For validation, we will use three metrics. 
- Mean intersection over union: **mIoU**,
- Mean class accuracy: **classAcc**,
- Accuracy: **Acc**.

To calculate **IoU**, use this formula for binary segmentation masks for each class, and then average w.r.t. all classes:

$$ \text{IoU} = \frac{ \text{area of intersection} }{ \text{area of union} } = \frac{ \| \hat{m} \cap m  \| }{ \| \hat{m} \cup m \| }, \quad \text{$\hat{m}$ — predicted binary mask},\ \text{$m$ — target binary mask}.$$

For **mRecall** you can use the following formula:

$$
    \text{mRecall} = \frac{ \| \hat{m} \cap m \| }{ \| m \| }
$$

And **accuracy** is a fraction of correctly identified pixels in the image.

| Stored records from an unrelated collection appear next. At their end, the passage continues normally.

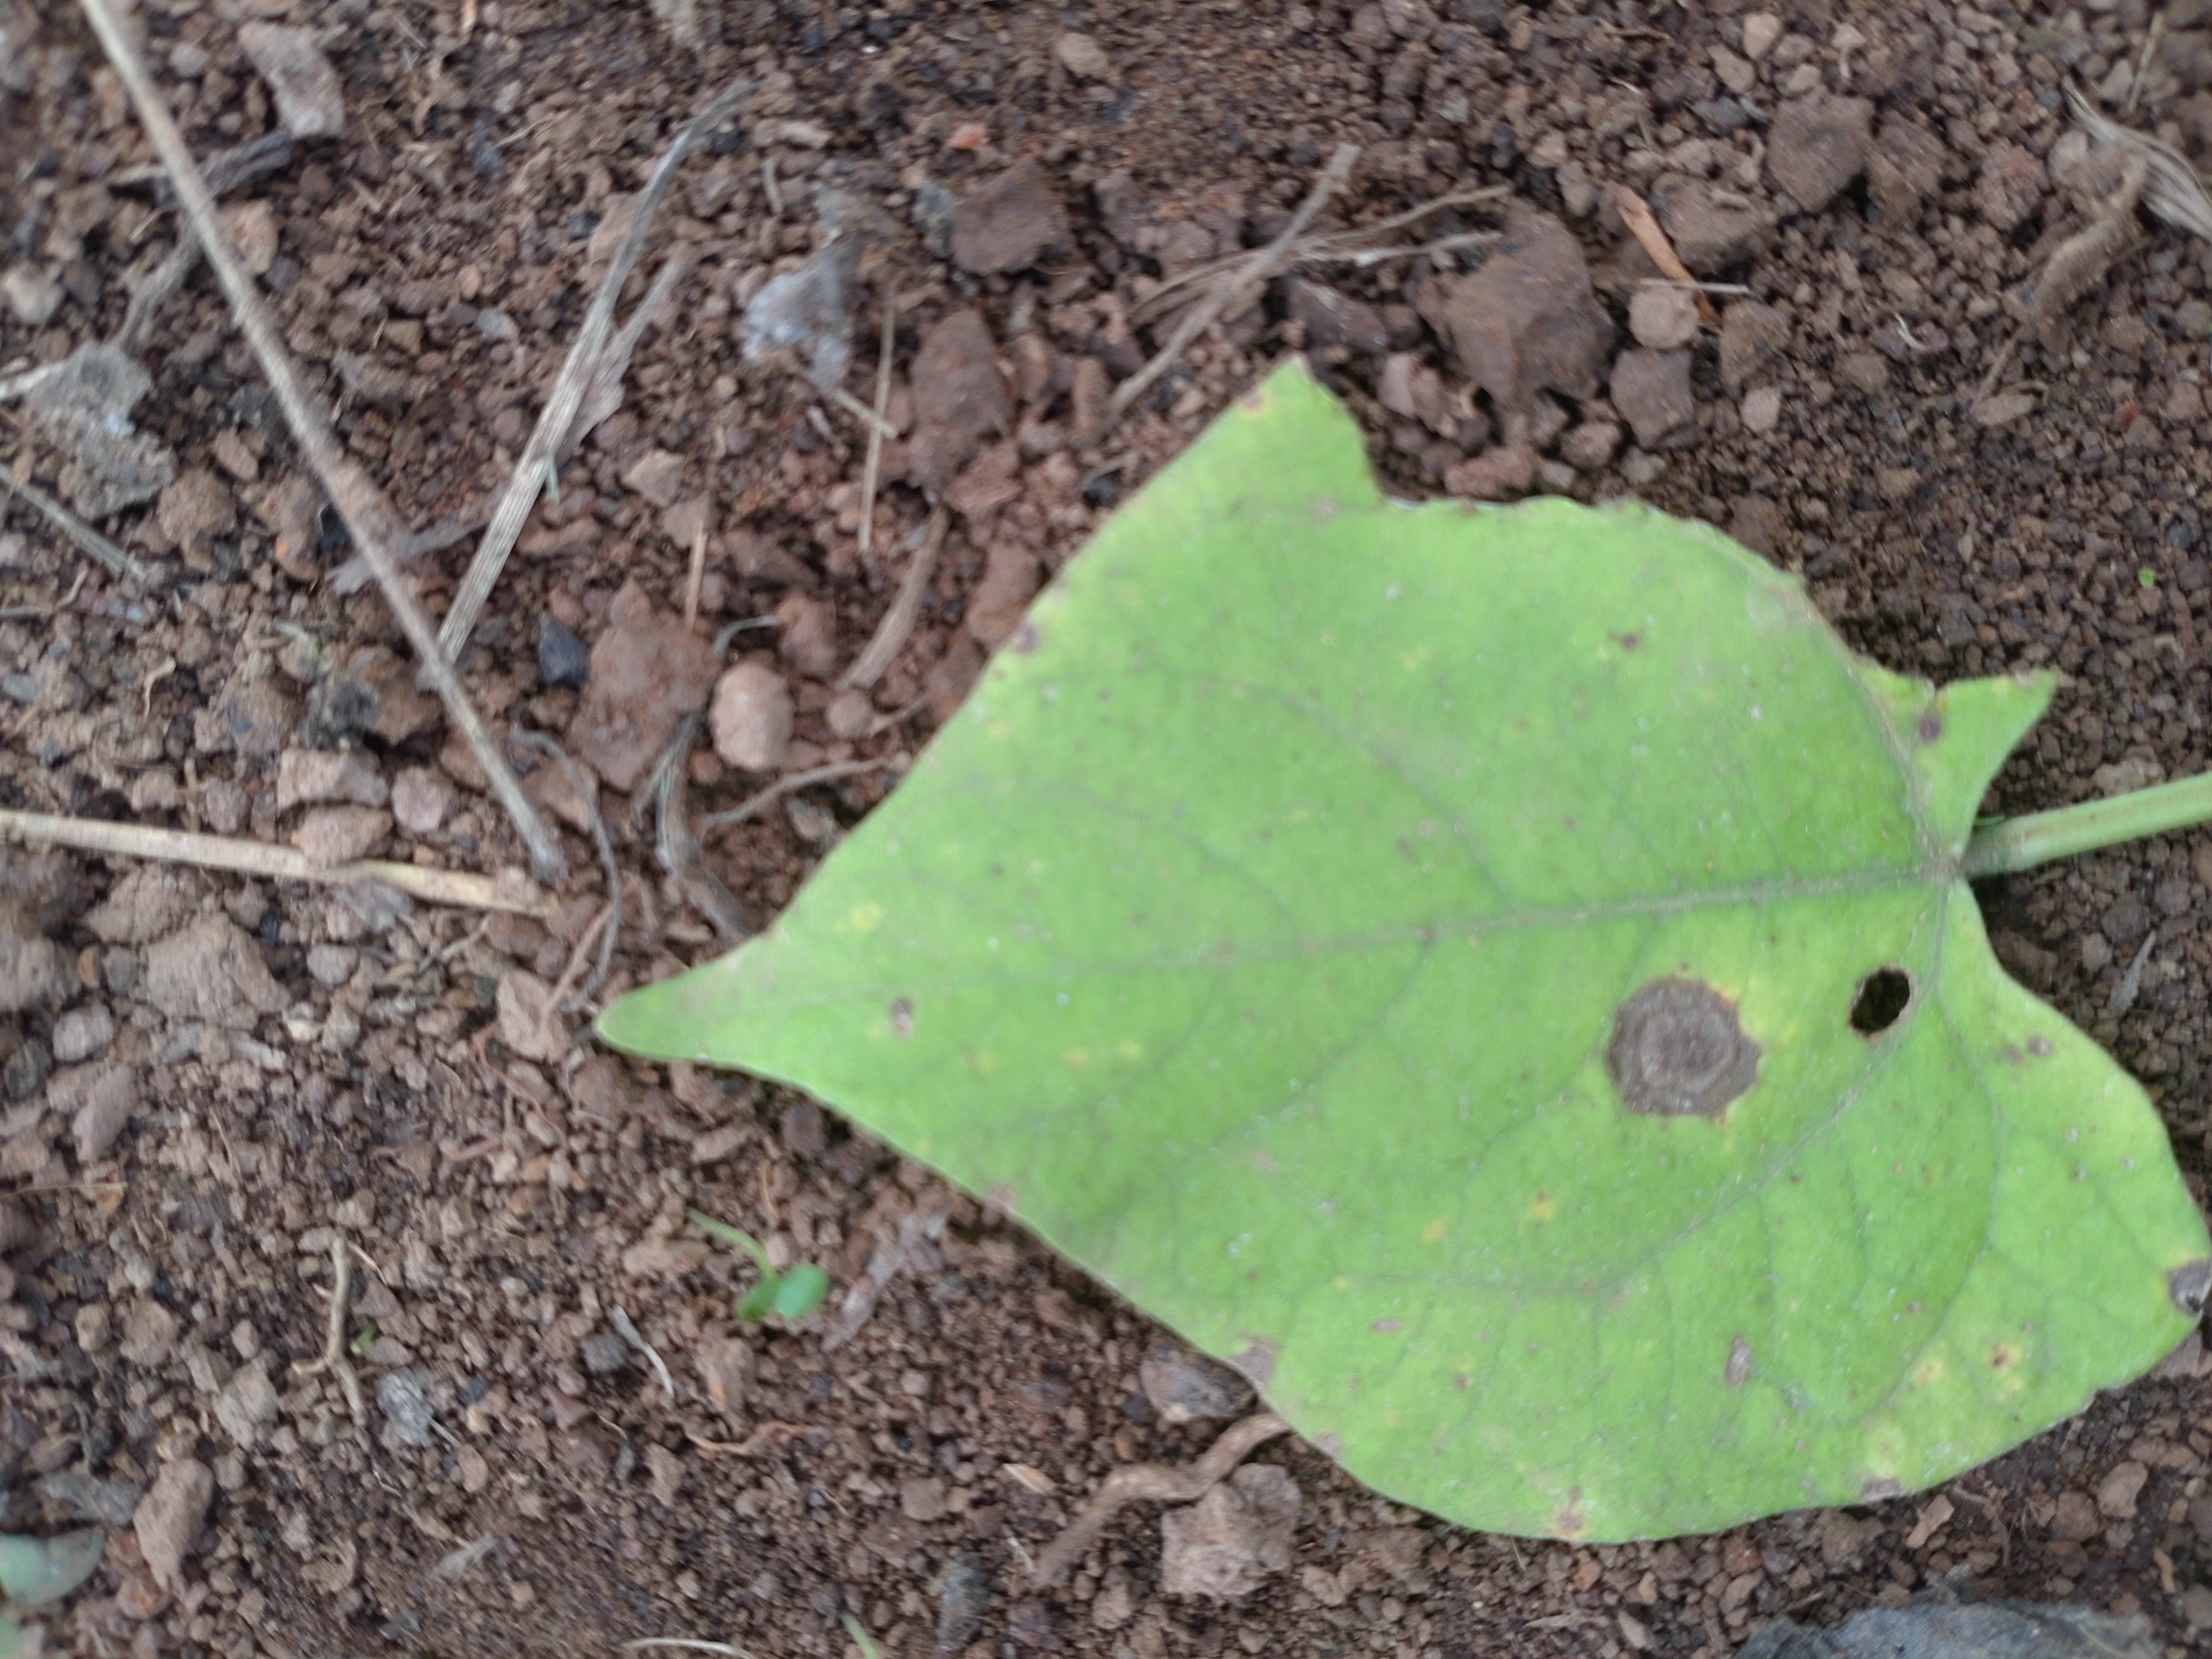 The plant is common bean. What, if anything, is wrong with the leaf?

anthracnose
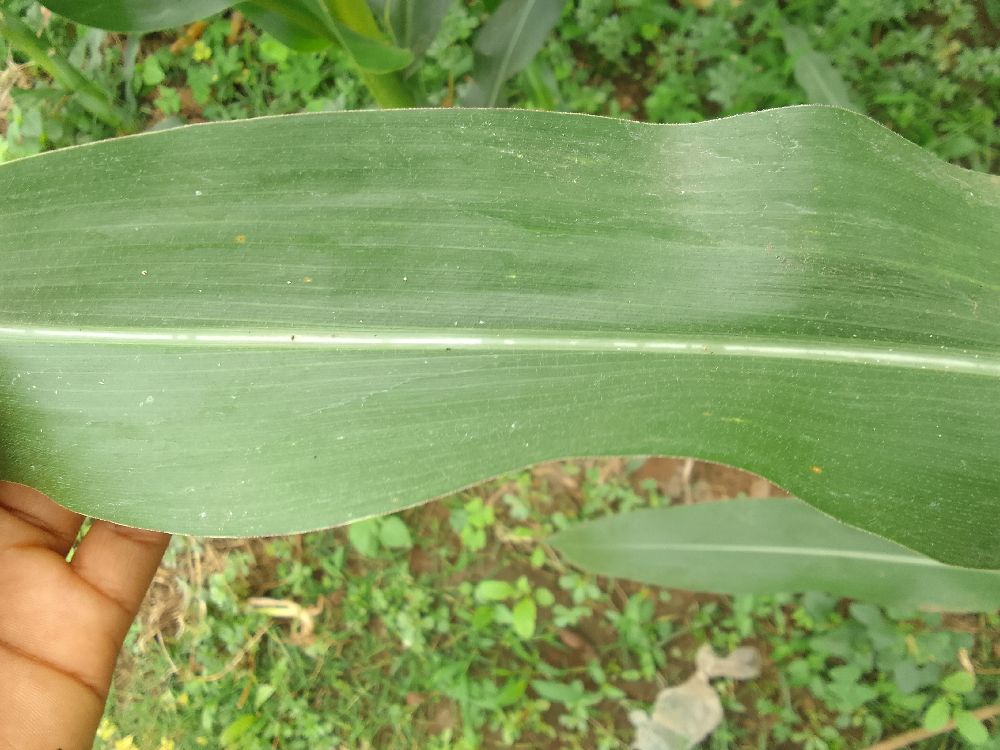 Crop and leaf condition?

maize, healthy
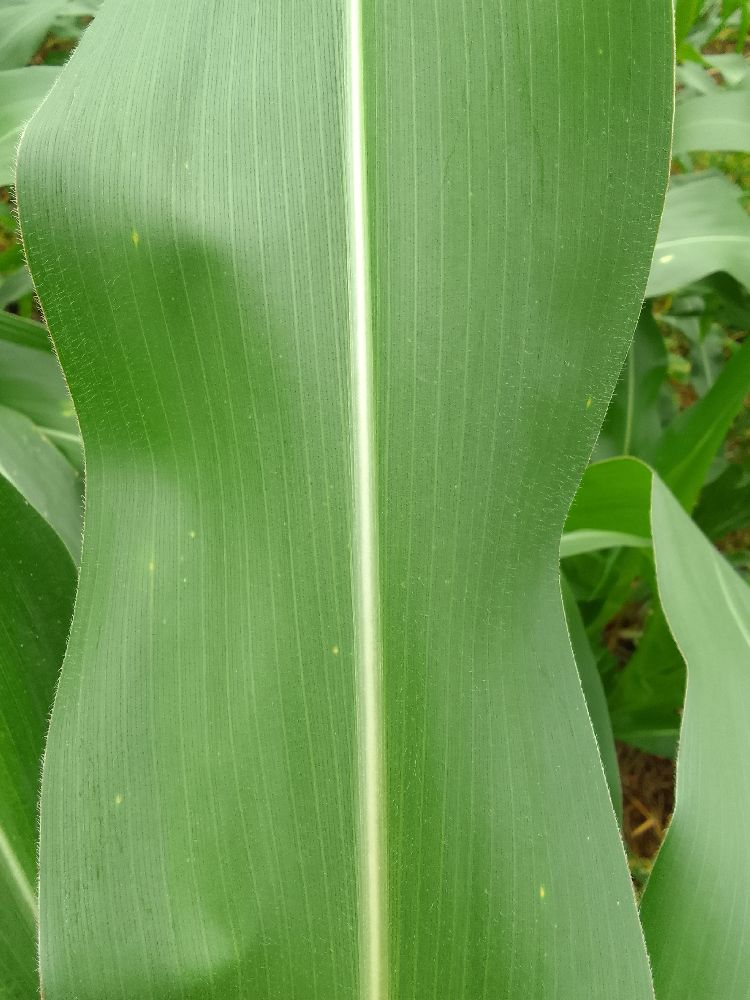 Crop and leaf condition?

maize, healthy
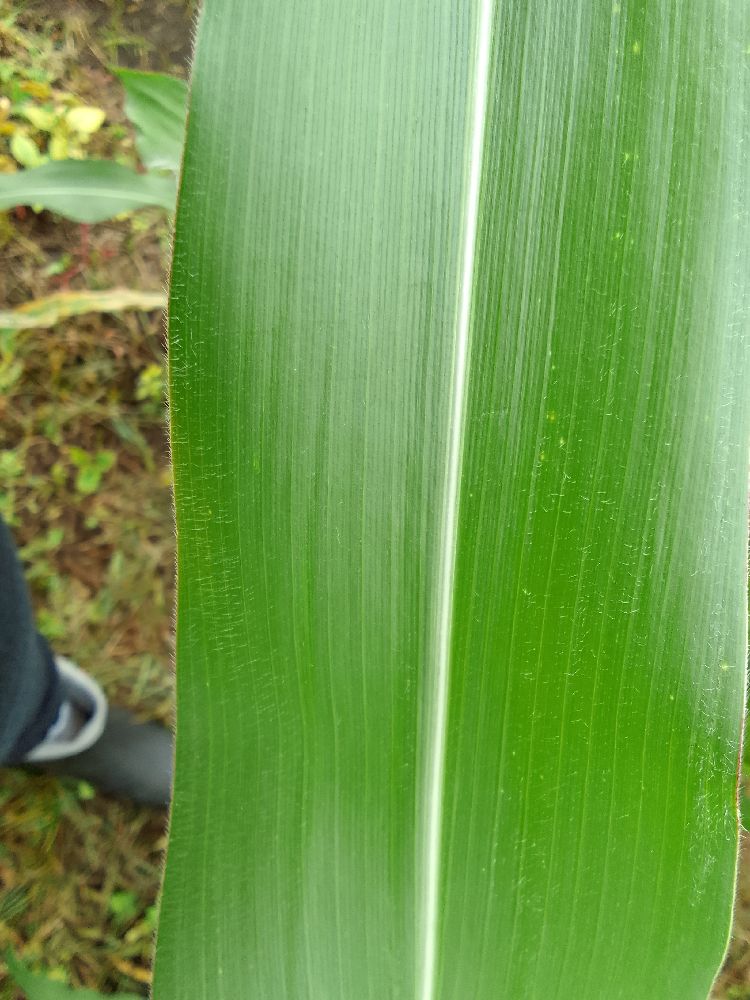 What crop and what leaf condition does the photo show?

maize, healthy
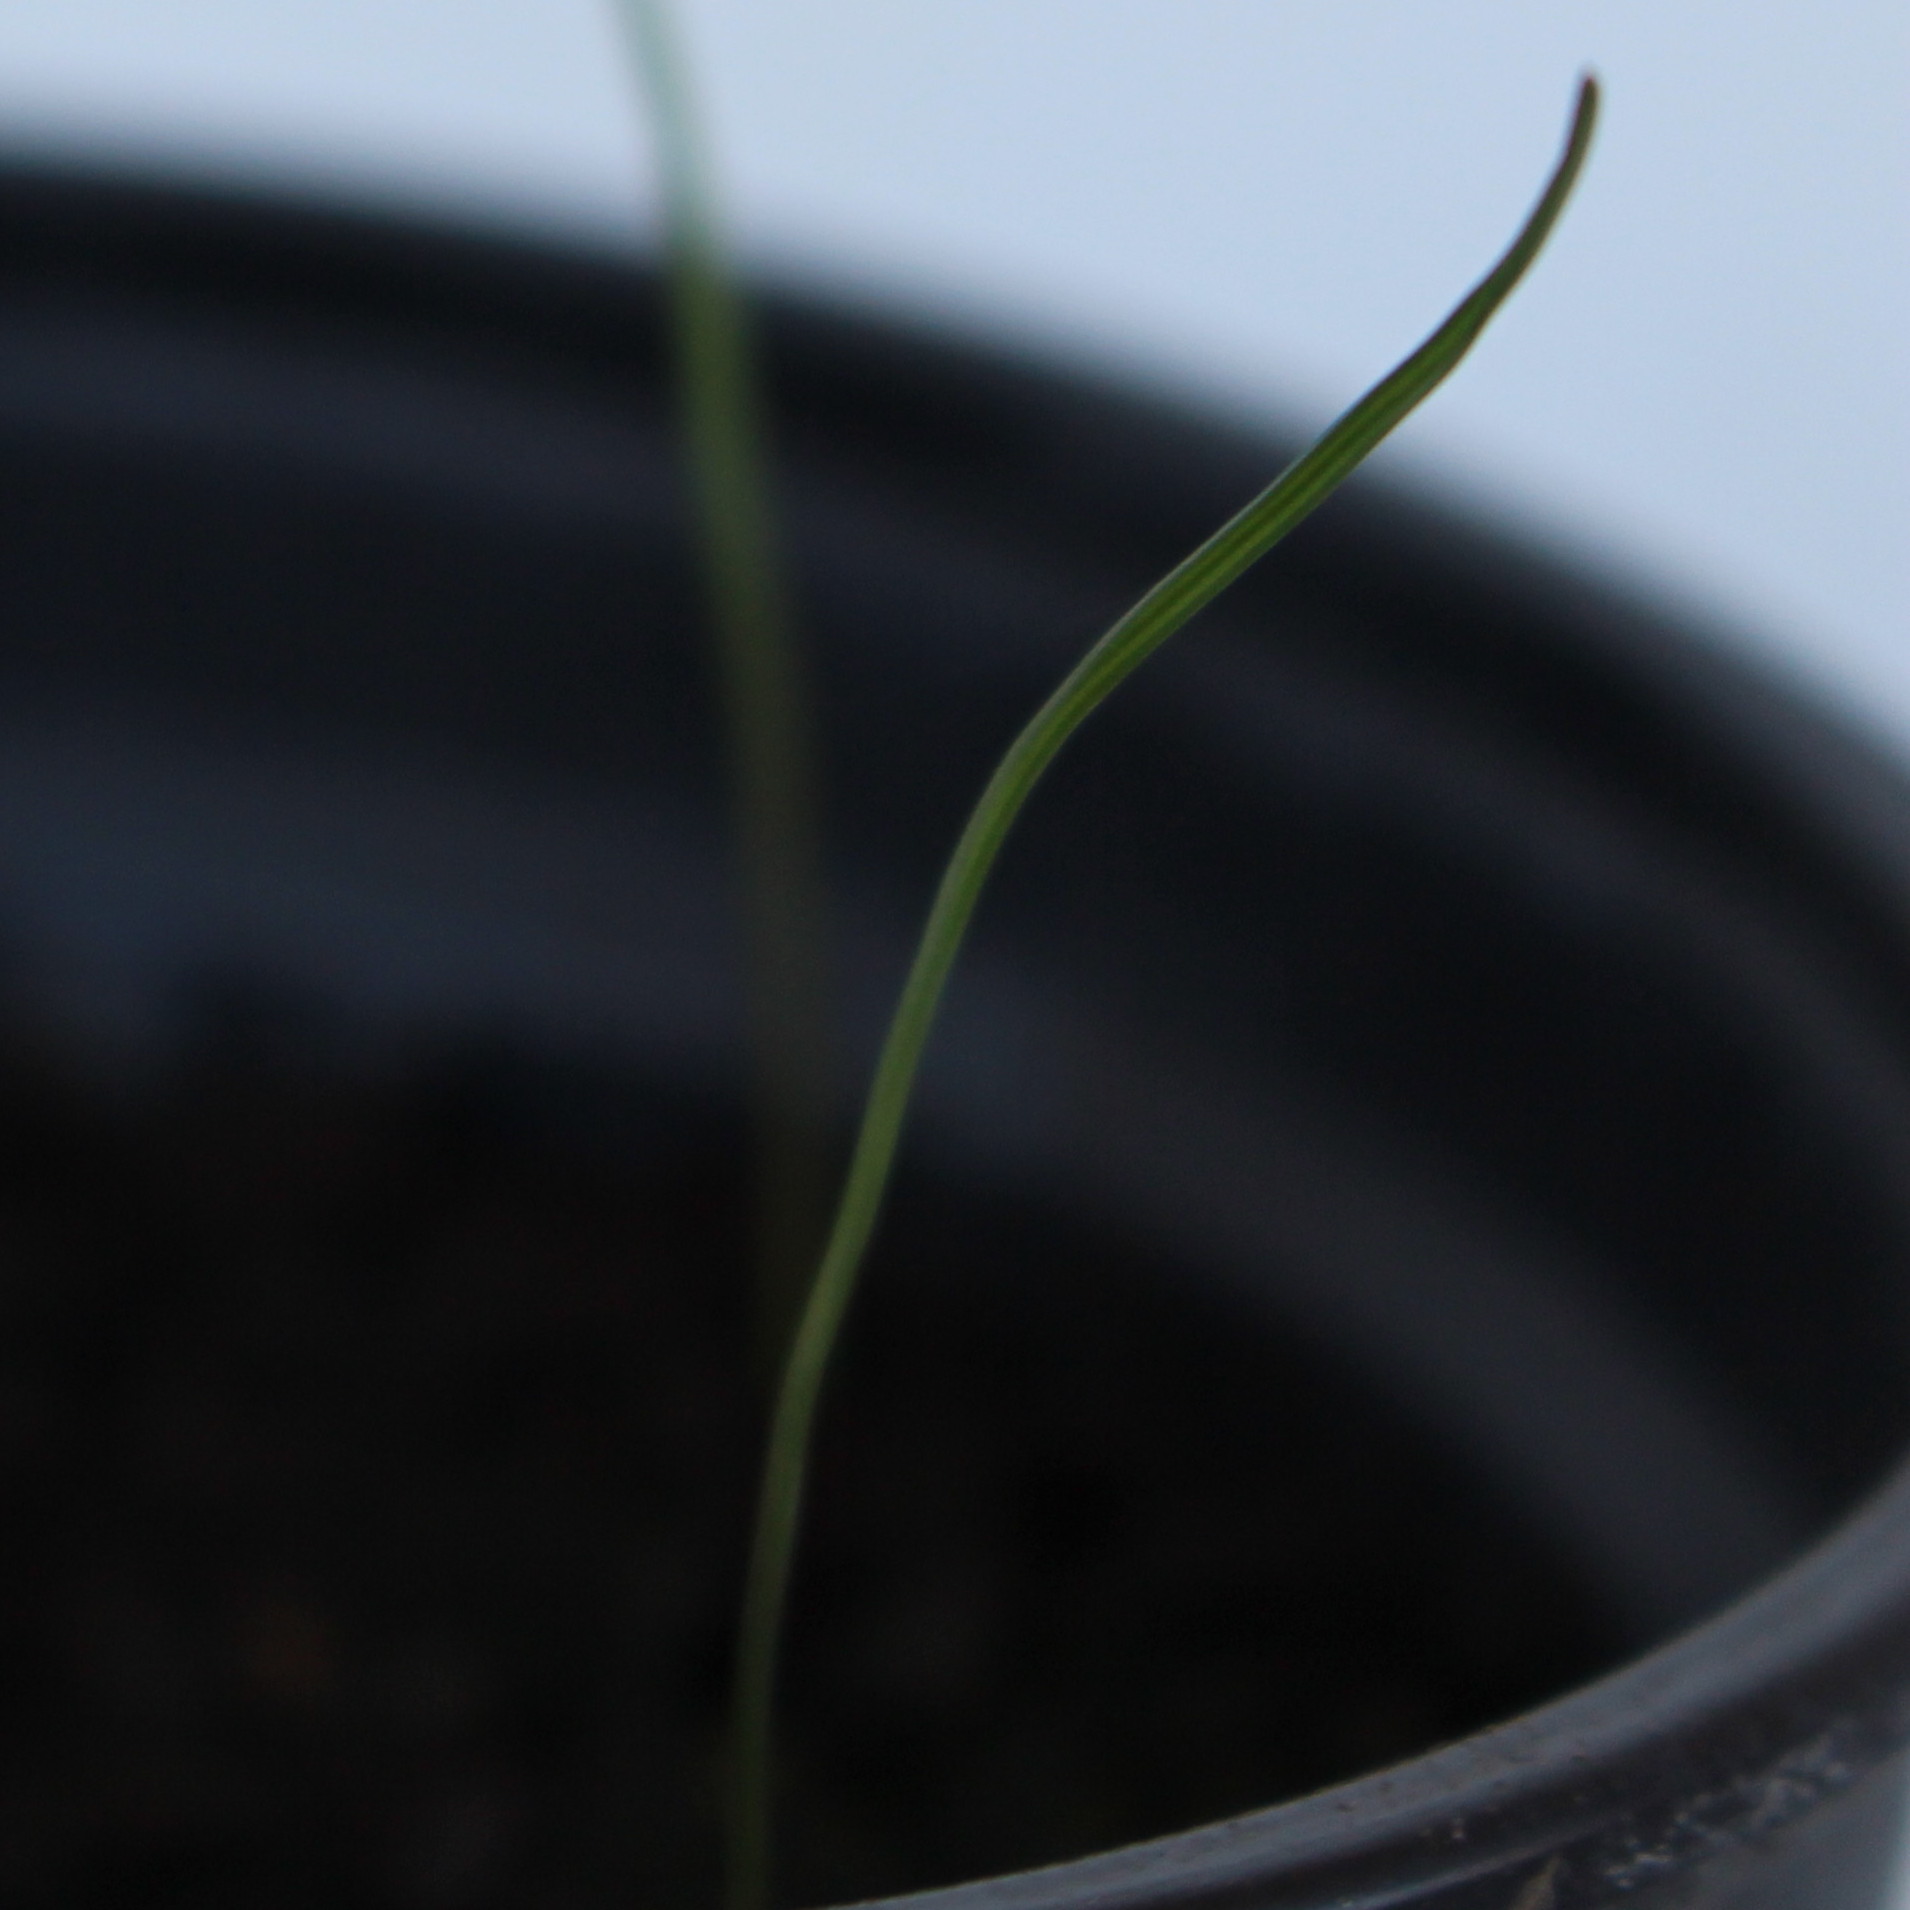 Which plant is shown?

Lolium multiflorum

Generally, we want our models to optimize accuracy since this implies that it makes little mistakes. However, most of the segmentation problems have imbalanced classes, and therefore the models tend to underfit the rare classes. Therefore, we also need to measure the mean performance of the model across all classes (mean IoU or mean class accuracy). In reality, these metrics (not the accuracy) are the go-to benchmarks for segmentation models.

In [3]:
def calc_val_data(preds, masks, num_classes):
    preds = torch.argmax(preds, dim=1)
    
    intersection = torch.stack(
        tensors=[
            ((masks == i) & (preds == i)).sum((1, 2))
            for i in range(num_classes)
        ],
        dim=-1,
    ) #calc intersection for each class
    union = torch.stack(
        tensors=[
            ((masks == i) | (preds == i)).sum((1, 2))
            for i in range(num_classes)
        ],
        dim=-1,
    ) #calc union for each class

    target = torch.stack(
        tensors=[
            (masks == i).sum((1, 2))
            for i in range(num_classes)
        ],
        dim=-1,
    ) #calc number of pixels in groundtruth mask per class
    # Output shapes: B x num_classes

    assert isinstance(intersection, torch.Tensor), 'Output should be a tensor'
    assert isinstance(union, torch.Tensor), 'Output should be a tensor'
    assert isinstance(target, torch.Tensor), 'Output should be a tensor'

    assert intersection.shape == union.shape == target.shape, 'Wrong output shape'
    assert union.shape[0] == masks.shape[0] and union.shape[1] == num_classes, 'Wrong output shape'

    return intersection, union, target

def calc_val_loss(intersection, union, target, eps = 1e-7):
    
    iou = torch.nanmean(
        intersection / union,
        dim=1,
    )
    rec = torch.nanmean(
        intersection / target,
        dim=1,
    )
    acc = 1 - (union - intersection).sum(dim=1) / (2*target.sum(dim=1))
    
    mean_iou = iou.mean() # TODO: calc mean class iou
    mean_class_rec = rec.mean() # TODO: calc mean class recall
    mean_acc = acc.mean() # TODO: calc mean accuracy

    return mean_iou, mean_class_rec, mean_acc

### `train`
**TODO: define optimizer and learning rate scheduler.**

You need to experiment with different optimizers and schedulers and pick one of each which works the best. Since the grading will be partially based on the validation performance of your models, we strongly advise doing some preliminary experiments and pick the configuration with the best results.

In [4]:
# Copyright The PyTorch Lightning team.
#
# Licensed under the Apache License, Version 2.0 (the "License");
# you may not use this file except in compliance with the License.
# You may obtain a copy of the License at
#
#     http://www.apache.org/licenses/LICENSE-2.0
#
# Modifications Copyright Skoltech Deep Learning Course.

import torch
import torch.nn.functional as F
import pytorch_lightning as pl
from torch.utils.data import DataLoader


class SegModel(pl.LightningModule):
    def __init__(
        self,
        model: str,
        backbone: str,
        aspp: bool,
        augment_data: bool,
        optimizer: str = 'default',
        scheduler: str = 'default',
        lr: float = None,
        batch_size: int = 16,
        data_path: str = '../data/PPKE-SZTAKI-MasonryBenchmark',
        image_size: int = 512,
        num_classes: int = 2,
    ) -> None:
        
        super(SegModel, self).__init__()
        self.num_classes = num_classes

        if model == 'unet':
            self.net = UNet(num_classes=self.num_classes)
        elif model == 'deeplab':
            self.net = DeepLab(backbone, aspp, self.num_classes)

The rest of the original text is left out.